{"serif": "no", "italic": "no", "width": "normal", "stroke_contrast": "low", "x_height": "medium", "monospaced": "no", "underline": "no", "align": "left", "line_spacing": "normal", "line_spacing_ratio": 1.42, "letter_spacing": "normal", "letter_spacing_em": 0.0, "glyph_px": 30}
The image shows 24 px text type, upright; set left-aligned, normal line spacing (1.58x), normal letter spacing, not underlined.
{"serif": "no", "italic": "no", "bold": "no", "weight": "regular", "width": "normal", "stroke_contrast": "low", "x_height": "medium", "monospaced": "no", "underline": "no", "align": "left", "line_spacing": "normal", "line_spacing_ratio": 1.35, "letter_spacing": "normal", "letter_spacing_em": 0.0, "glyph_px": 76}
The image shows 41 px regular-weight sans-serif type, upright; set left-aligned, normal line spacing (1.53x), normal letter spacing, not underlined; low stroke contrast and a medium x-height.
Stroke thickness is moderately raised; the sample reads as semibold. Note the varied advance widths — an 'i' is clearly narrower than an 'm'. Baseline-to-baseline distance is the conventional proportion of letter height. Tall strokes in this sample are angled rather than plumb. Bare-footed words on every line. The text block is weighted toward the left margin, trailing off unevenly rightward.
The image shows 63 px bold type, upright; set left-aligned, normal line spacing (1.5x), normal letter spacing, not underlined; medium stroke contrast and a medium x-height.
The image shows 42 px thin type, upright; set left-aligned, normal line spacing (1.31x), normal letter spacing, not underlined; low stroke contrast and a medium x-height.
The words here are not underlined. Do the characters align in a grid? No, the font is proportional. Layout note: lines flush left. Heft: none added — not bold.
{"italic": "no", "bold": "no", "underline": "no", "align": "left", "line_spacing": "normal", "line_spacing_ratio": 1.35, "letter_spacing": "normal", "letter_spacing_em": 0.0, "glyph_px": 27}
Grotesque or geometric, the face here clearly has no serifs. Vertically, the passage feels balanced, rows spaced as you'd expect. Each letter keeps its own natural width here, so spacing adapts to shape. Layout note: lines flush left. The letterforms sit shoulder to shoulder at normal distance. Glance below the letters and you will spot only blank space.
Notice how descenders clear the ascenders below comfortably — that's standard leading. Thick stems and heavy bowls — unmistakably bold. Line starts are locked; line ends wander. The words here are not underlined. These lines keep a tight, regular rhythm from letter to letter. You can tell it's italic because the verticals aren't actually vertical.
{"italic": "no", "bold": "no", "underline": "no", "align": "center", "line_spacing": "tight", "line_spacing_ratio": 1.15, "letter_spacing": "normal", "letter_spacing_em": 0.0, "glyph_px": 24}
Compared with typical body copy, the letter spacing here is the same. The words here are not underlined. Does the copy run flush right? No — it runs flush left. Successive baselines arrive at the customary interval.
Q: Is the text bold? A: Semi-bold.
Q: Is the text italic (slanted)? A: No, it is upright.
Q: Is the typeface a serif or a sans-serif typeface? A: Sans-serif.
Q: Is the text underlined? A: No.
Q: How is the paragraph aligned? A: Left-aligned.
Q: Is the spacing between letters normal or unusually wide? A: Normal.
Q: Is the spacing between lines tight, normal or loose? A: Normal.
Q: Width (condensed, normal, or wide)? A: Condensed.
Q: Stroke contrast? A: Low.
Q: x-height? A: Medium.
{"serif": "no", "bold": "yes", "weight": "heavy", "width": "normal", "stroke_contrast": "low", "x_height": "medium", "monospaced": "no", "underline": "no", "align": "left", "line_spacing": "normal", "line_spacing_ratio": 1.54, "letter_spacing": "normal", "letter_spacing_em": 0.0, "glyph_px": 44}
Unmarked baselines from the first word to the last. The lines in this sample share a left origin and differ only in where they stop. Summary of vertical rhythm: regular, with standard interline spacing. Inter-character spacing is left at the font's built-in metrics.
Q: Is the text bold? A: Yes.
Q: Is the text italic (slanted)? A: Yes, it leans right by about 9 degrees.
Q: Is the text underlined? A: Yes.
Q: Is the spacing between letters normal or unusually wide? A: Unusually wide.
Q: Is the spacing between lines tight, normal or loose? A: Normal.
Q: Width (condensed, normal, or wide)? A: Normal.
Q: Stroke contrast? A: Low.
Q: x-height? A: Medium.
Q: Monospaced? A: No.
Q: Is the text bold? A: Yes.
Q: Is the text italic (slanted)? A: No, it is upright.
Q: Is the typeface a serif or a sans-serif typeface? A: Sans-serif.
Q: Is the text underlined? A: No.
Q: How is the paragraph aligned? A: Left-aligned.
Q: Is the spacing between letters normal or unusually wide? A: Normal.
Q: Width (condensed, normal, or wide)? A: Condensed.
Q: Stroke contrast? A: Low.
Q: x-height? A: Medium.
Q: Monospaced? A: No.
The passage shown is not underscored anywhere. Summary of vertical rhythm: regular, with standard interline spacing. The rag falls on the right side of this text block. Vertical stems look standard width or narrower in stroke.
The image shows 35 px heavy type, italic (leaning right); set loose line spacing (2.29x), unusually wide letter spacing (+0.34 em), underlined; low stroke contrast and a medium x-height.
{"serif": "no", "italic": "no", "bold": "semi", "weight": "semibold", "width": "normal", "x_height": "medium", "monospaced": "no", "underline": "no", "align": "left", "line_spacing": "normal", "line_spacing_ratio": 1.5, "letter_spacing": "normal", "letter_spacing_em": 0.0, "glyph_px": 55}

################

> **Directions**
Tally, across the records, each line that contains the word "distance", and answer with nothing except the count.

> **Expected answer**
2